* WHAT THE TASK REQUIRES:
Every entry below is to be copied exactly, apart from any picture it holds.

DATA RECORDS START

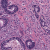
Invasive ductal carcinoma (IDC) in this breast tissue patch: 0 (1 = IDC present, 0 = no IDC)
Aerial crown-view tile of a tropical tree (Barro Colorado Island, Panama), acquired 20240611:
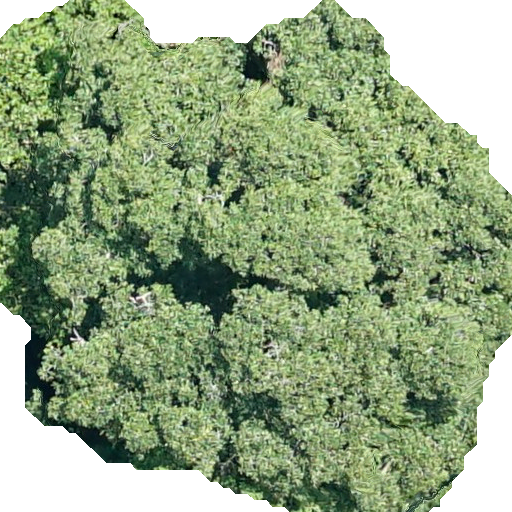
Species: Ficus obtusifolia
GBIF accepted scientific name: Ficus obtusifolia
Crown area: 353.113 m²
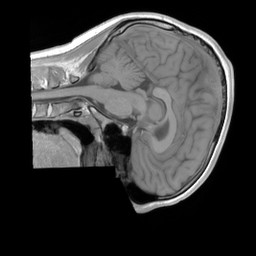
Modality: T1w
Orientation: sagittal
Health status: ill
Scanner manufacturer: siemens
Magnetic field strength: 3 T
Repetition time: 0.4 s
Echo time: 0.00246 s
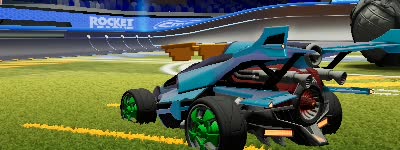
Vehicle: aftershock
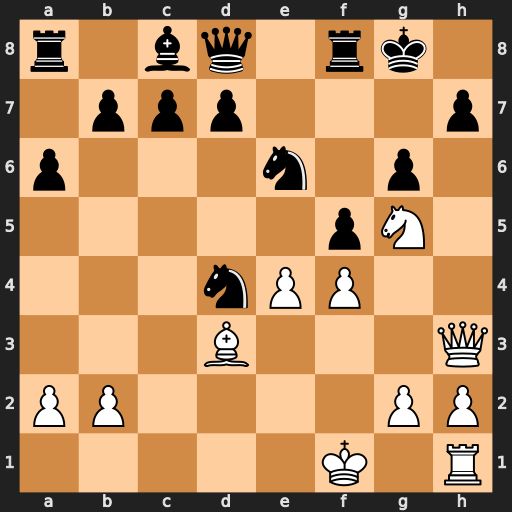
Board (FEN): r1bq1rk1/1ppp3p/p3n1p1/5pN1/3nPP2/3B3Q/PP4PP/5K1R
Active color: w
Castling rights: -
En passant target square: -
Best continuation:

DATA RECORDS END

* FINAL ANSWER:
Invasive ductal carcinoma (IDC) in this breast tissue patch: 0 (1 = IDC present, 0 = no IDC)
Aerial crown-view tile of a tropical tree (Barro Colorado Island, Panama), acquired 20240611:
Species: Ficus obtusifolia
GBIF accepted scientific name: Ficus obtusifolia
Crown area: 353.113 m²
Modality: T1w
Orientation: sagittal
Health status: ill
Scanner manufacturer: siemens
Magnetic field strength: 3 T
Repetition time: 0.4 s
Echo time: 0.00246 s
Vehicle: aftershock
Board (FEN): r1bq1rk1/1ppp3p/p3n1p1/5pN1/3nPP2/3B3Q/PP4PP/5K1R
Active color: w
Castling rights: -
En passant target square: -
Best continuation:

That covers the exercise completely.